I had the craziest high school physics teacher EVER! His room was littered with teetery wooden shelves from from strapping, each one packed to the brim with old electronics, like TVs, large banks of 8" tall capacitors, broken oscilloscopes, compouters, random wires everywhere. In a demonstration of force and pressure, he would hit a TV with the large end of a hammer, and we’d see that it dented and cracked the glass, then he hit it with the claw end and we watched as it broke through the glass and heard the large “POP” from the vacuum in the tube. He would place two large drywall screws into a pickle, take the stripped end of an old lamp plug and wrap the wires around the screws. He then plugged it into the wall and the pickle lit up. No fuses, no insulation around the screws. Oh, and the pickle was on the table about a foot from us.

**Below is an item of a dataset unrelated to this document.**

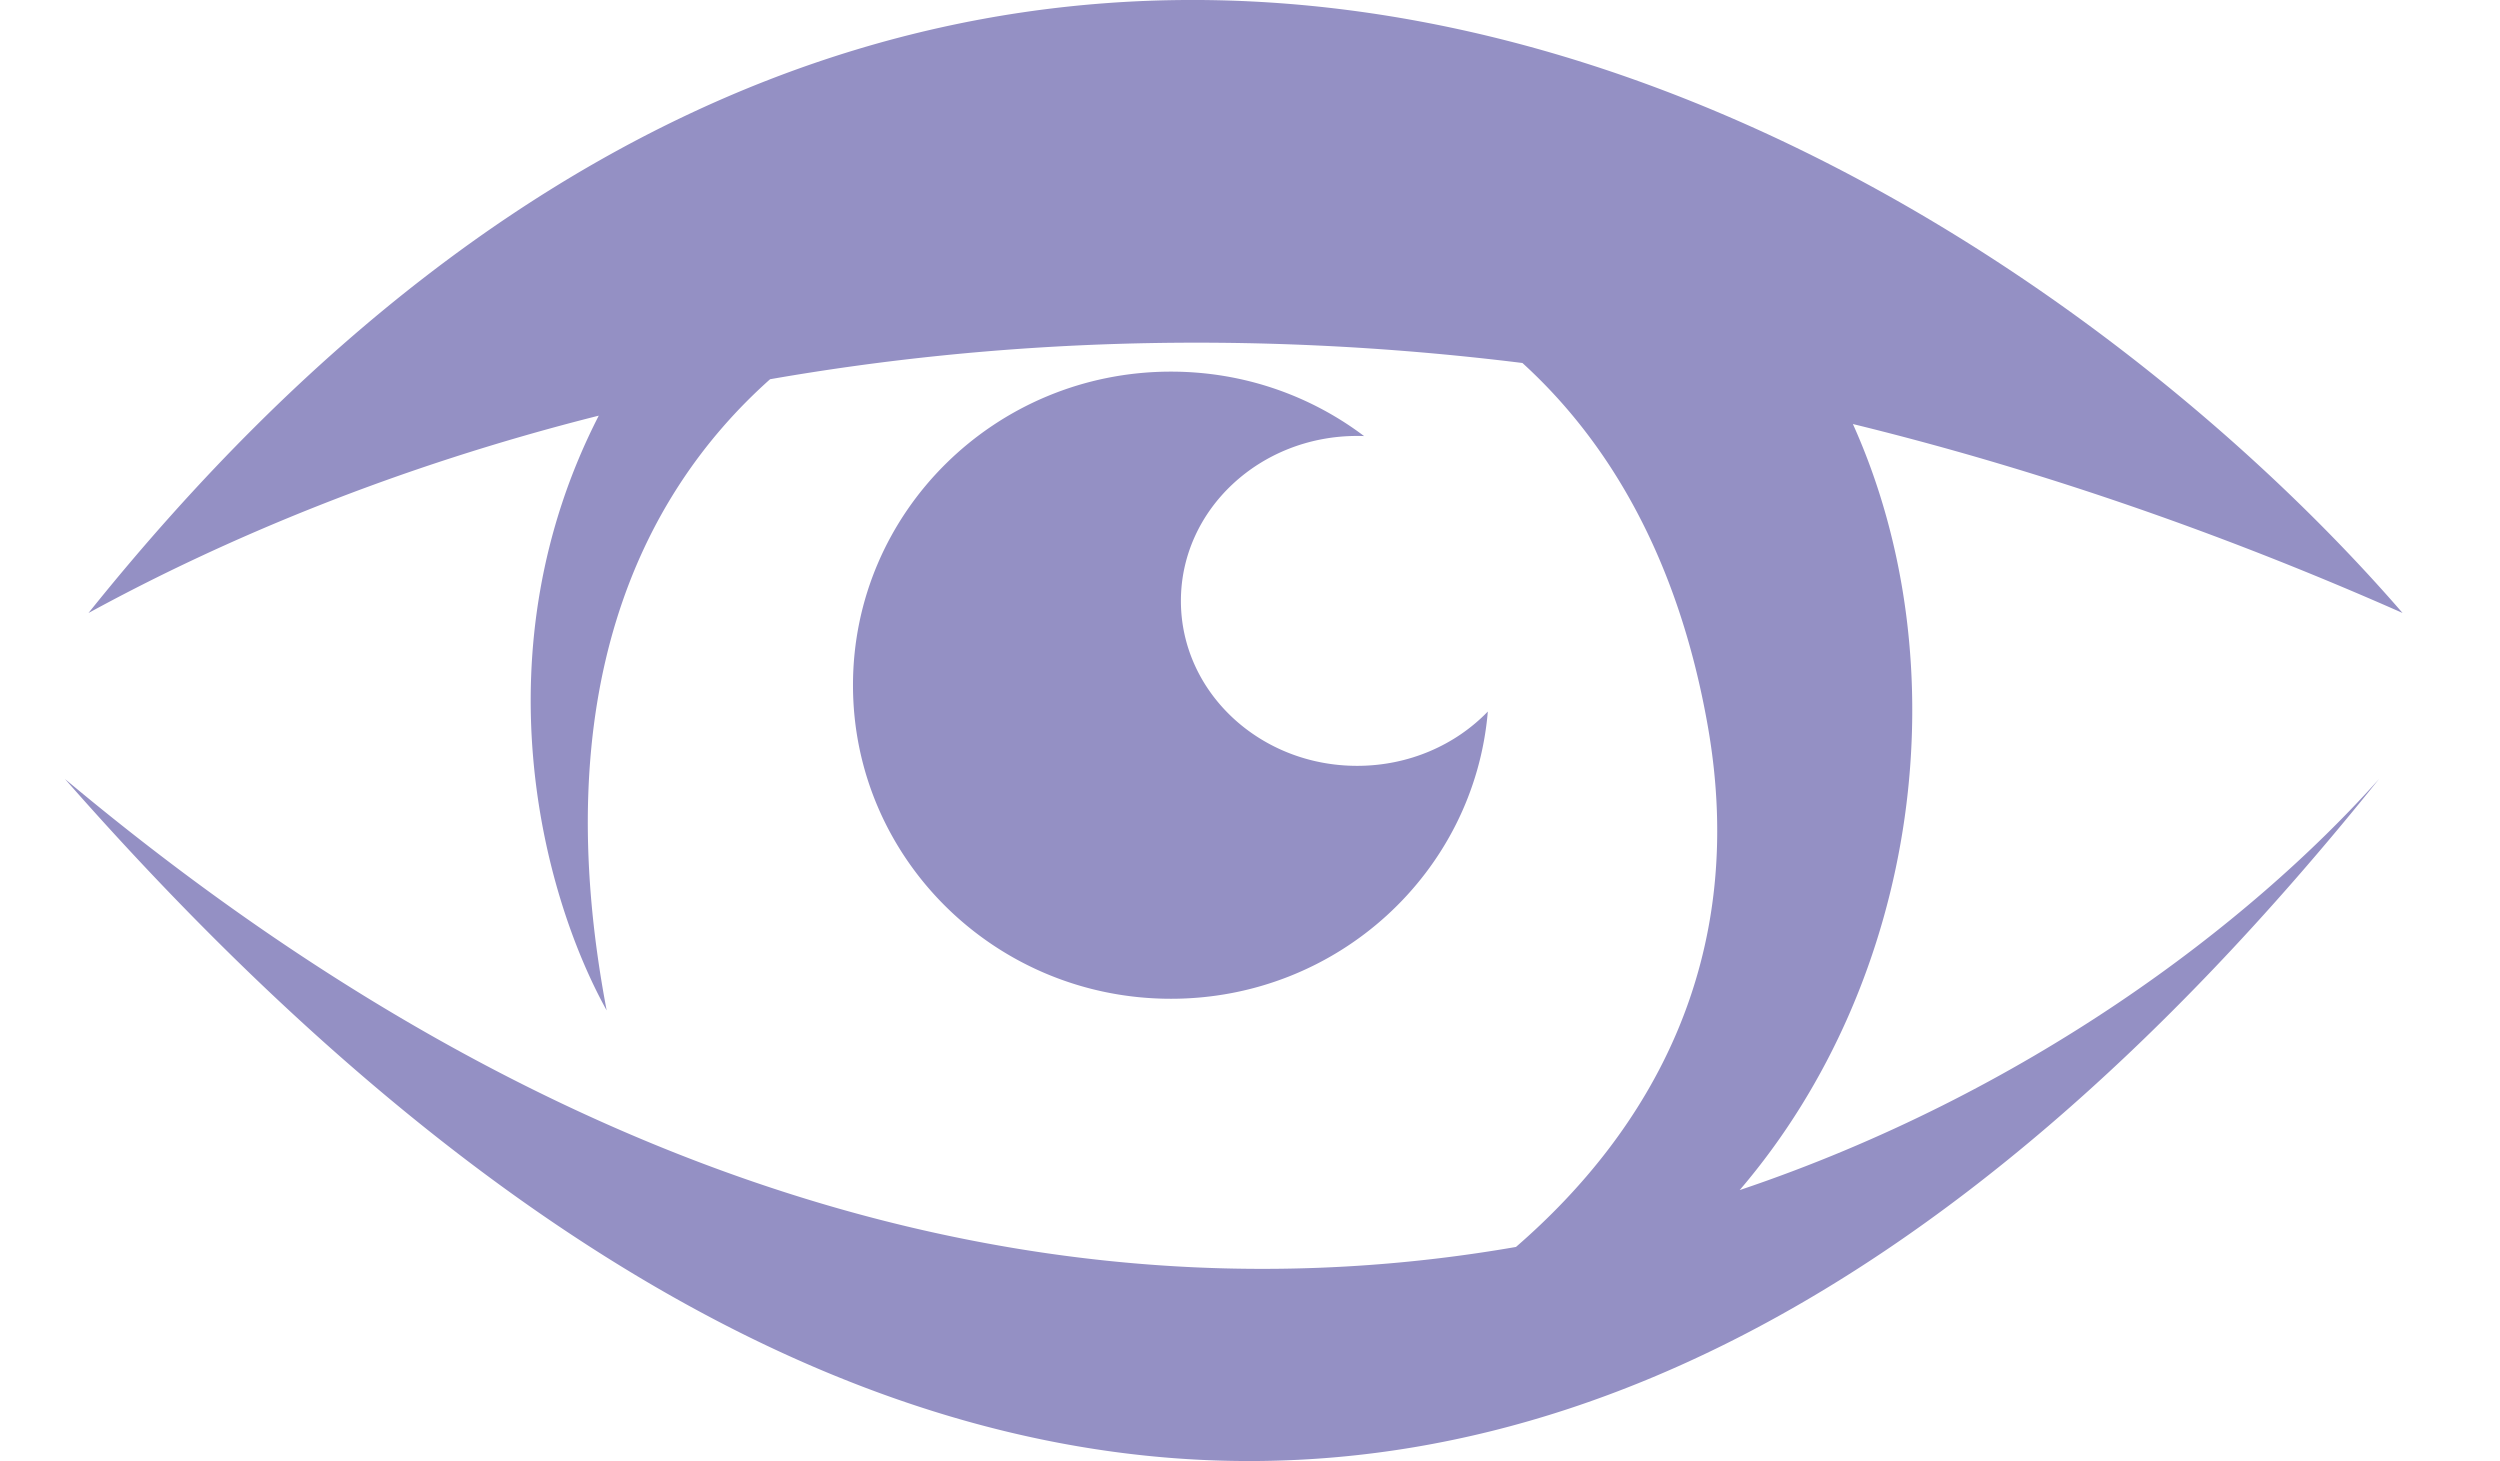 <svg width="77" height="45" fill="none" xmlns="http://www.w3.org/2000/svg"><g clip-path="url(#a)"><path fill-rule="evenodd" clip-rule="evenodd" d="M74 18.881c-12.333-14.248-43.853-34.196-71.275 0 4.186-2.287 9.473-4.507 15.717-6.079-3.688 7.192-1.794 14.642.243 18.318-1.848-9.72.956-15.806 5.034-19.44 6.833-1.193 14.606-1.56 23.172-.5 2.6 2.367 4.784 5.931 5.708 11.176 1.277 7.239-1.812 12.502-5.907 16.05C34.112 40.595 18.595 37.884 2 23.992c18.514 21.066 43.853 34.196 71.275 0-4.005 4.49-10.859 9.689-19.693 12.663 5.574-6.517 6.813-16.212 3.487-23.595C62.468 14.382 68.121 16.28 74 18.88Zm-28.175 3.034c-.418 4.955-4.628 8.847-9.76 8.847-5.408 0-9.793-4.324-9.793-9.658s4.385-9.658 9.793-9.658c2.238 0 4.3.74 5.949 1.985a5.895 5.895 0 0 0-.215-.004c-2.997 0-5.427 2.275-5.427 5.081 0 2.806 2.43 5.08 5.427 5.08 1.597 0 3.033-.645 4.026-1.673Z" fill="#9490C4"/></g></svg>

The highlight of the year was always the “physics war.” We got into teams of 2-4, each team built a cannon out of wood and a length of PVC pipe, and cut slits in the side of the pipe and made a plunger type of thing in the pipe so it could hold and shoot out a tennis ball. The plunger was attached to lengths of surgical tubing. We all test fired our guns on the track to see who could launch the tennis balls the furthest (prior to this, we all did “calibration” of our guns by launching them at intervals of 5 degrees and marking the distance. IT was all part of learning about trajectory and all that jazz.) Whoever got the furthest got first pick of what country the wanted to be for the “war” the next day. Each country got a certain prize with it. America, being so rich and having a powerful military, got a few pizzas for the team and lots of tennis balls. Columbia got lots of “coke” (heh), France got a shit ton of tennis balls, since they have lots of Nukes, etc…The teams that sucked got the countries without a lot of money and supplies. Then, the next day, we all went to the soccer field, and SHOT TENNIS BALLS AT EACH OTHER. These things must have been going over 100 MPH, easily. We all took balls to the chest, arms, face, etc…The only safety requirements were a helmet and safety goggles. We even used “chemical weapons” by dropping some balls into paint. We had coffee cans labels with what supplies we had, and if you hit someone’s cans, you got their supplies when the war was over (lunchtime, so as best to maximize the pizza.)
I went to high school during the height of the high school shootings (Columbine was at the end of my junior yeah, the “war” was in the fall.) We still shot tennis balls at each other, though I hear they did eventually switch to not aiming at people, and only the cans, then they went to shooting jello instead of tennis balls (didn’t work, the jello just broke up in the air,) and I think it’s gone now.